Title: The Legacy of the Black Panther Party
Date: 1986
Source: The Black Scholar, vol. 17, no. 6, pp. 33-37.

Rarely do activists in a political movement have the opportunity, or luxury, to bring their work to a formal closure. The fluidity of societal conditions which gave rise to the development of the movement and changes in attitudes by the activists toward the movement often prevent any type of conscious dissolution and/or final summation.

The Black Panther Party (BPP) was no exception. One of the most militant movements to emerge out of the social-political upsurge in the U.S. during the 1960s, the BPP was organized at a time when many black Americans - particularly students and other youth - had become disgruntled with the civil rights movement's primary tactic of non-violence.

While Southern blacks had made major gains in voting rights, these gains had not come without numerous murders and brutal beatings and bombings of blacks by white racists - police, the KKK and others. White racist violence against blacks was on the rise in the North as well.

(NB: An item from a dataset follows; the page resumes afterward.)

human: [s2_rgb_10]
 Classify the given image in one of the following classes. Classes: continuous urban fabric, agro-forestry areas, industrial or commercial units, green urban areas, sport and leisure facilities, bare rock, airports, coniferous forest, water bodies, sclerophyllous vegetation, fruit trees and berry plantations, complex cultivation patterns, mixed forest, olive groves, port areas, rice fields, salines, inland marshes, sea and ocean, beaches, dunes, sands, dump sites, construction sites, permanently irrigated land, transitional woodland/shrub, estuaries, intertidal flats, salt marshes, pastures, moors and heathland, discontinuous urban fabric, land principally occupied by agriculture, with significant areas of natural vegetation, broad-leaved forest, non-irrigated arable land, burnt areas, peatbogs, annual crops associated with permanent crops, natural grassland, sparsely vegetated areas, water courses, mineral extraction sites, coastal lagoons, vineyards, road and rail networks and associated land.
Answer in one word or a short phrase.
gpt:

Within this context, the Black Panther Party for Self-Defense[1] was founded in Oakland, California, by Huey P. Newton and Bobby G. Seale in October 1966. Among the demands in the party's initial 10-Point "Platform and Program: What We Want, What We Believe,"[2] the BPP called for black self-determination, full employment, "decent housing, fit for shelter of human beings," the exemption of all black men from military service and "an immediate end to police brutality and murder." Invoking the U.S. constitutional right to bear arms, the party urged blacks to arm themselves for self-defense.

DEMISE OF B.P.P.

The demise of the BPP can be attributed to a combination of factors. These included ruthless government repression from such national agencies as the FBI on down to local police departments;[3] serious internal organizational errors; and the onset of new organizing strategies - required by changing socioeconomic and political conditions in the U.S. - that were significantly different from those employed by black activists in the '60s and early '70s. An in-depth, objective analysis of the Black Panther Party is a task that remains to be done, a task essential for the future growth and development of a progressive black liberation struggle in the U.S.

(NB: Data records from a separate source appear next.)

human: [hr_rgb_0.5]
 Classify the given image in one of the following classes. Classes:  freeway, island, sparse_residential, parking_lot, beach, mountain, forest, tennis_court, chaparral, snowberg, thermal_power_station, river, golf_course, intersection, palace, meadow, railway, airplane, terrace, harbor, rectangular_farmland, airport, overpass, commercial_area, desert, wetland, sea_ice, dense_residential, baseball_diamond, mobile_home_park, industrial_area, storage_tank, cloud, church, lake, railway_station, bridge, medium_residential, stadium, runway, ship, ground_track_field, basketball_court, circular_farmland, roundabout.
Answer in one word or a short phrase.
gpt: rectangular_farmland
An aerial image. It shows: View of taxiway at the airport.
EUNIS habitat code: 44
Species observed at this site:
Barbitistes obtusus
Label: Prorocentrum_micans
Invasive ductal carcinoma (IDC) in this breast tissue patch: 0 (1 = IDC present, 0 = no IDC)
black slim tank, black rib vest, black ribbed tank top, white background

October 1986 marked the 20th anniversary of the founding of the BPP, once described by late FBI Director J. Edgar Hoover as the organization posing "...the greatest threat to the internal security of the country..."[4] Former BPP members and supporters gathered in October in Harlem, New Jersey and Oakland to celebrate the group's 20th anniversary. These celebrations were highly emotional events, bringing together many people, some of whom had not seen each other since the late '60s. One ex-party leader who attended the Oakland "reunion" commented to the author, "It [the reunion] was the final roll call."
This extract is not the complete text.